On the Convergence of No-Regret Dynamics in Information Retrieval Games with Proportional Ranking Functions

TL;DR

This paper analyzes how certain proportional ranking functions with concave activation functions ensure convergence of no-regret learning dynamics in web content publishing games, with implications for social welfare and ecosystem structure.

Contribution

It establishes the convergence of no-regret dynamics for proportional ranking functions with concave activation functions and explores their impact on social welfare and ecosystem dynamics.

Findings

Convergence of no-regret dynamics under specific ranking functions.

Equivalence between activation function concavity and game concavity.
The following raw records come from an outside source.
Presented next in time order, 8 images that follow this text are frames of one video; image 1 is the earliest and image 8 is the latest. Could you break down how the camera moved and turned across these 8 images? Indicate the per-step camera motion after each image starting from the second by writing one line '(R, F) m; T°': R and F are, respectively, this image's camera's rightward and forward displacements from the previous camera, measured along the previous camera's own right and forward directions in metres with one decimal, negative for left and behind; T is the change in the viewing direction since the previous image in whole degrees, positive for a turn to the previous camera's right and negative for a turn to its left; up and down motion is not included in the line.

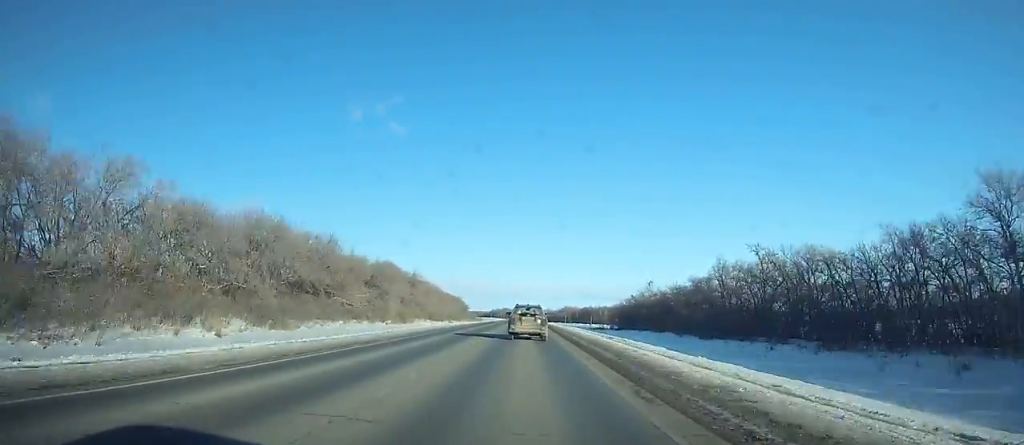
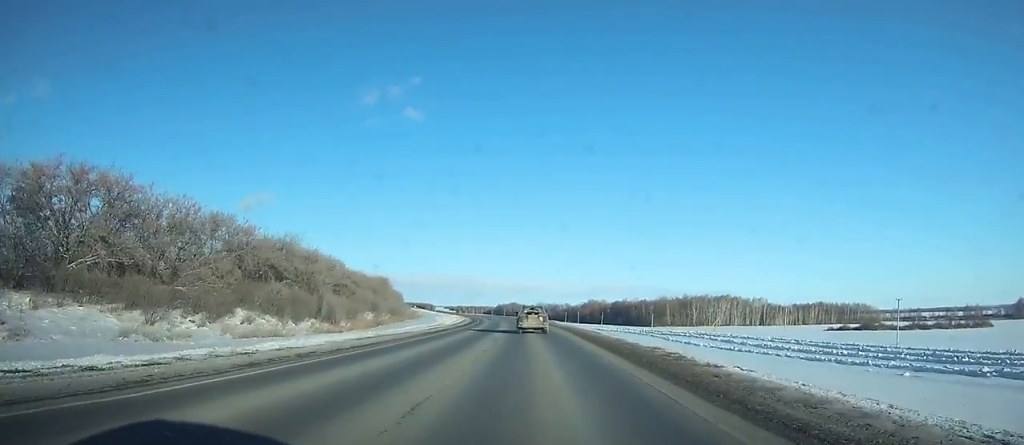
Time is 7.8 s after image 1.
(-1.5, +201.3) m; -2°
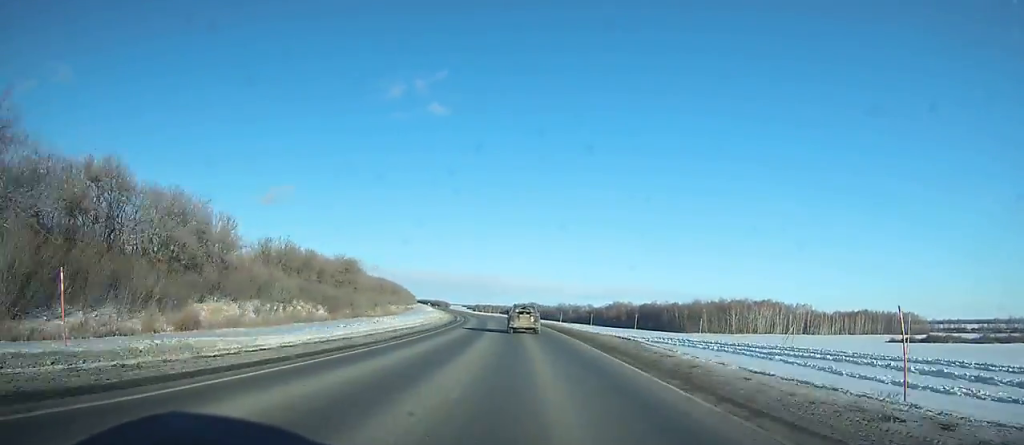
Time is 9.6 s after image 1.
(+0.3, +48.2) m; -1°
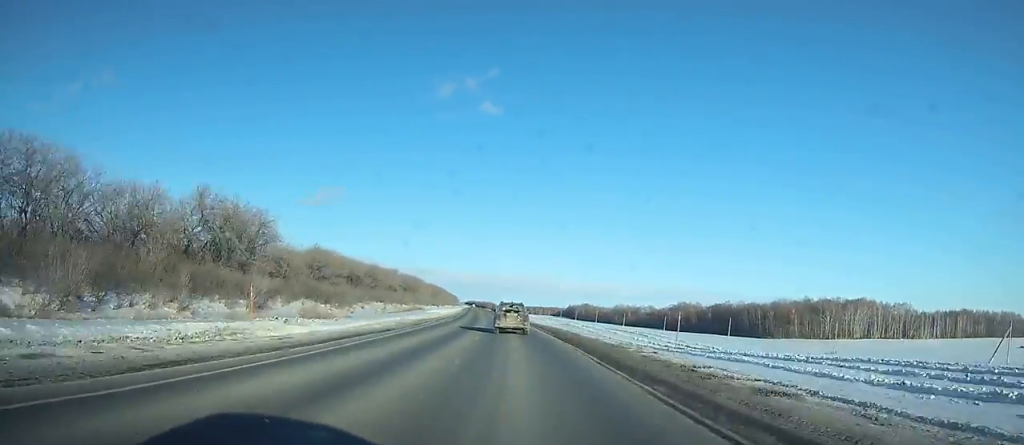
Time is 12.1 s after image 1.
(-2.0, +67.7) m; -4°
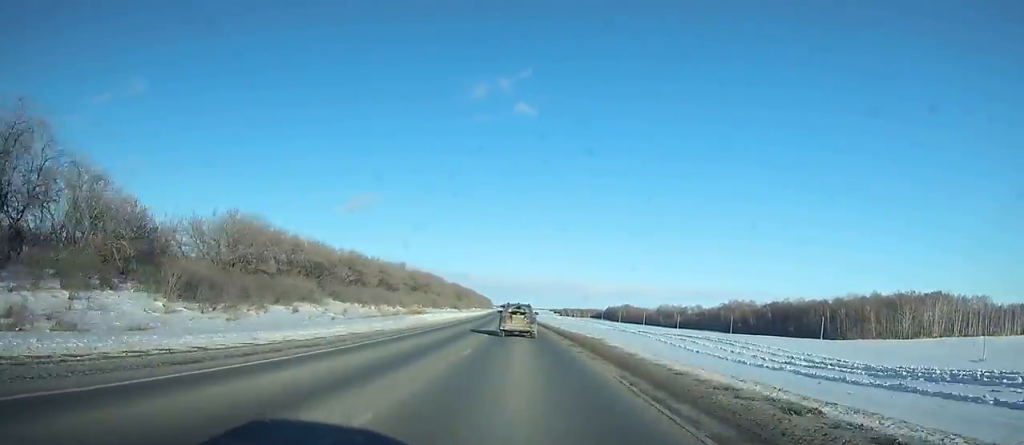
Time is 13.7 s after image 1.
(-1.4, +43.2) m; -2°
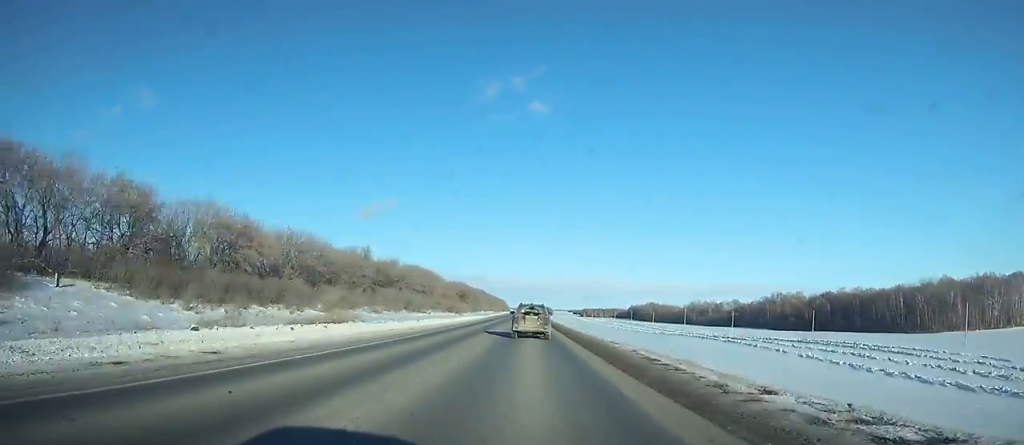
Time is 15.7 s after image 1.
(-1.3, +53.9) m; -3°
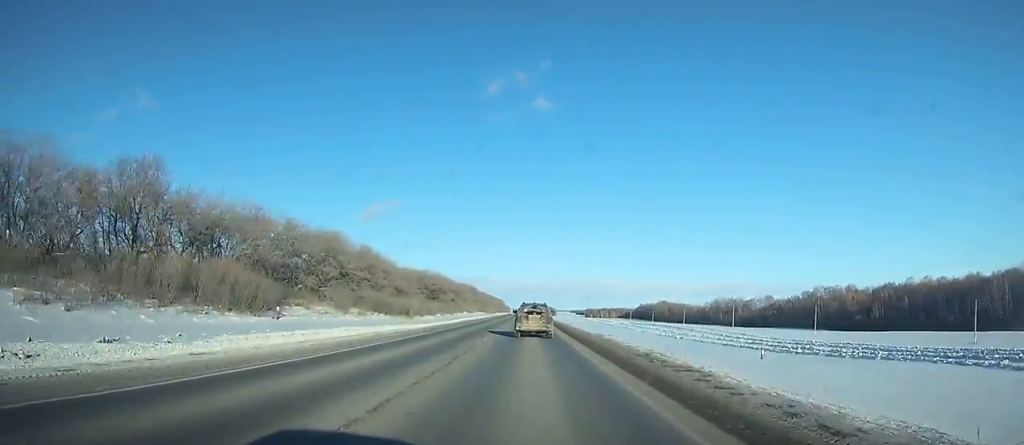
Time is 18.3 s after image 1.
(-1.6, +69.3) m; -1°
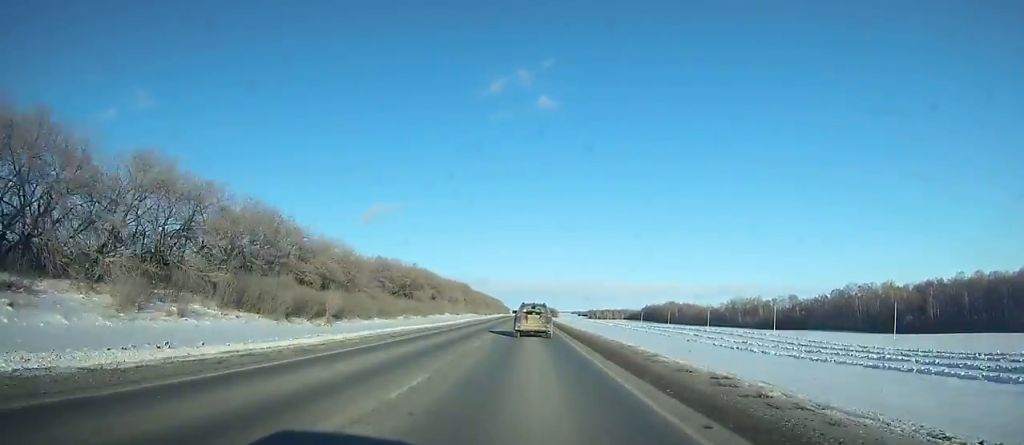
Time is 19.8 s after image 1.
(-0.1, +39.9) m; 0°

Trade-offs between publishers' and users' welfare based on ranking choices.

Abstract

Publishers who publish their content on the web act strategically, in a behavior that can be modeled within the online learning framework. Regret, a central concept in machine learning, serves as a canonical measure for assessing the performance of learning agents within this framework. We prove that any proportional content ranking function with a concave activation function induces games in which no-regret learning dynamics converge. Moreover, for proportional ranking functions, we prove the equivalence of the concavity of the activation function, the social concavity of the induced games and the concavity of the induced games. We also study the empirical trade-offs between publishers' and users' welfare, under different choices of the activation function, using a state-of-the-art no-regret dynamics algorithm. Furthermore, we demonstrate how the choice of the ranking function and changes in the ecosystem structure affect these welfare measures, as well as the dynamics' convergence rate.